Я вернулся в гостиную — большую гостиную, потому что тут было еще несколько более уютных, с ширмами, расписанными химерами, шкафчиками, полными безделушек. Рояль — огромный концертный «Плейель» — стоял на некотором возвышении, напоминающем эстраду. Я еще раз прислушался к доносящимся звукам, а потом приподнял его глянцевую крышку и увидел в ней отражение, гротескно исказившее мое лицо. Не в силах совладать с собой, я, поставив ногу на педаль, наконец дал волю пальцам. Господи, до чего же они стали непослушными! Но струны все же звучали дружескими голосами, словно говорили мне: живи! И голова моя наполнилась образами: темы приходили сами, сами складывались в аккорды, живительный ток побежал по моим венам.

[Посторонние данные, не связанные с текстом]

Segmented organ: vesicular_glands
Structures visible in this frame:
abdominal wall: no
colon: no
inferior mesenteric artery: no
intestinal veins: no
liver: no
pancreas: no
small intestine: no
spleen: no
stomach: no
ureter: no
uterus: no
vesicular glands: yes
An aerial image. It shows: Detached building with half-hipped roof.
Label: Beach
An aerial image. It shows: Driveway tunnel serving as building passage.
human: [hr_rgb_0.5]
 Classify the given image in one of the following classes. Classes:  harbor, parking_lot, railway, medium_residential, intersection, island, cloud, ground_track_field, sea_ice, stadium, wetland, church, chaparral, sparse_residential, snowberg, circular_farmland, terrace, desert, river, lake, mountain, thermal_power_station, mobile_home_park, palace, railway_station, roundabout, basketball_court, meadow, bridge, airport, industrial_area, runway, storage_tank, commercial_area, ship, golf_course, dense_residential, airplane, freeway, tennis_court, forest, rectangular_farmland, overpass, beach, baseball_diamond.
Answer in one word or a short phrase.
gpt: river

Нет, я не конченый человек! Неблагодарный эгоист, если хотите, но это не столь уж важно, лишь бы у меня была возможность творить! Увы!

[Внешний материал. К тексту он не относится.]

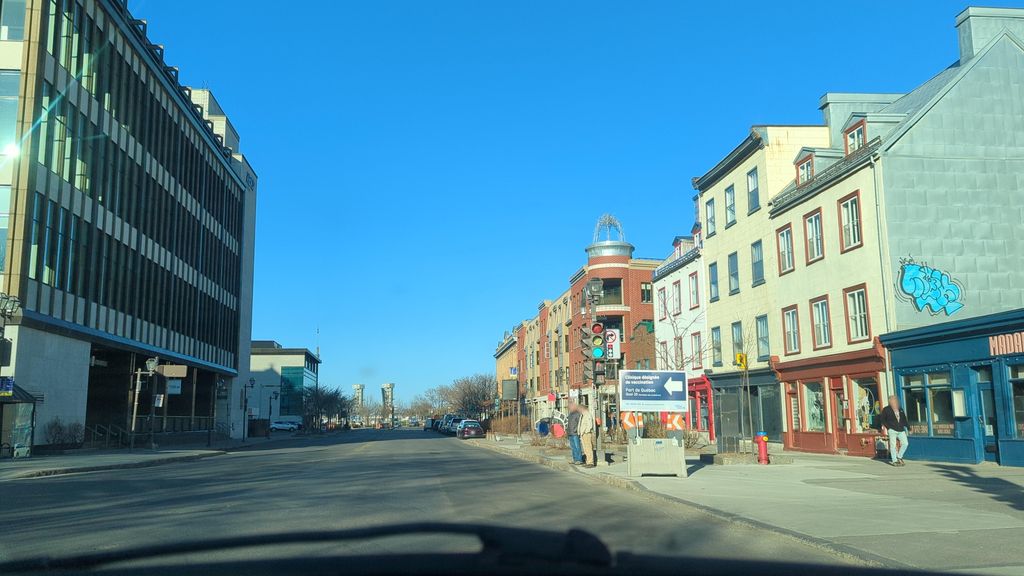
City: quebec_city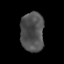
Tissue: prostate
Cell type: T cells
Senescence score: 0.3508
Nuclear area (px): 902
Mean DAPI intensity: 79.937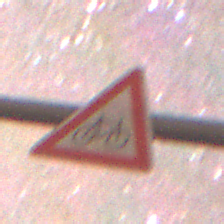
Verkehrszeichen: RadverkehrLinks
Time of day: Night
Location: Outdoor (Nature)
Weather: Clear
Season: NotSpecified
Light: Natural

Я закрыл рояль, опасаясь, что меня застигнут врасплох, и начал обследовать квартиру. Она была огромной, пустой и темной, как музей. Скука смертная.

С улицы сюда не проникал ни единый звук, никакой шум не тревожил тишину этой квартиры, затерявшейся где-то во времени. И только голос Элен, отсчитывающий такты, доносился до меня: раз, два, три, четыре, — и музыка возобновлялась, прерывистая и тоскливая. Я прошел через кухню, миновал узкий коридорчик и очутился в прихожей. Слева от меня находилась дверь той комнаты, куда вошли посетители. Я прислушался — ни звука. Осторожно приоткрыв следующую дверь, я увидел еще одну гостиную. Должно быть, раньше здесь обитало множество родственников, вынужденных жить под одной крышей и подчиняться произволу богатого главы семейства… Вдруг из комнаты слева донеслись тихие голоса. Прислушавшись, я отчетливо уловил плач… Совершенно точно! Это были рыдания, приглушенные носовым платком. Но тут позвонили во входную дверь, и я на цыпочках побежал обратно в гостиную, откуда я мог видеть прихожую, оставаясь незамеченным. Показалась Элен со своей ученицей — высокой девочкой в очках, она держала под мышкой скрученные в трубочку ноты. Попрощавшись, девочка вышла, а вместо нее вошел мальчик лет пятнадцати. Лицо его заливала краска, и, обращаясь к Элен, он совершенно не знал, куда девать руки. Через некоторое время рояль вновь зазвучал, и я узнал этюд Черни. «Правда, у нас тихо?» — вспомнились мне слова Аньес.

Я вернулся на свой наблюдательный пункт. В той комнате по-прежнему звучали голоса, на этот раз безмятежно, прерываемые какими-то необъяснимыми паузами. Я стал перебирать все мало-мальски подходящие версии, но так и не смог найти ни одной убедительной. Чем же это они могут там заниматься?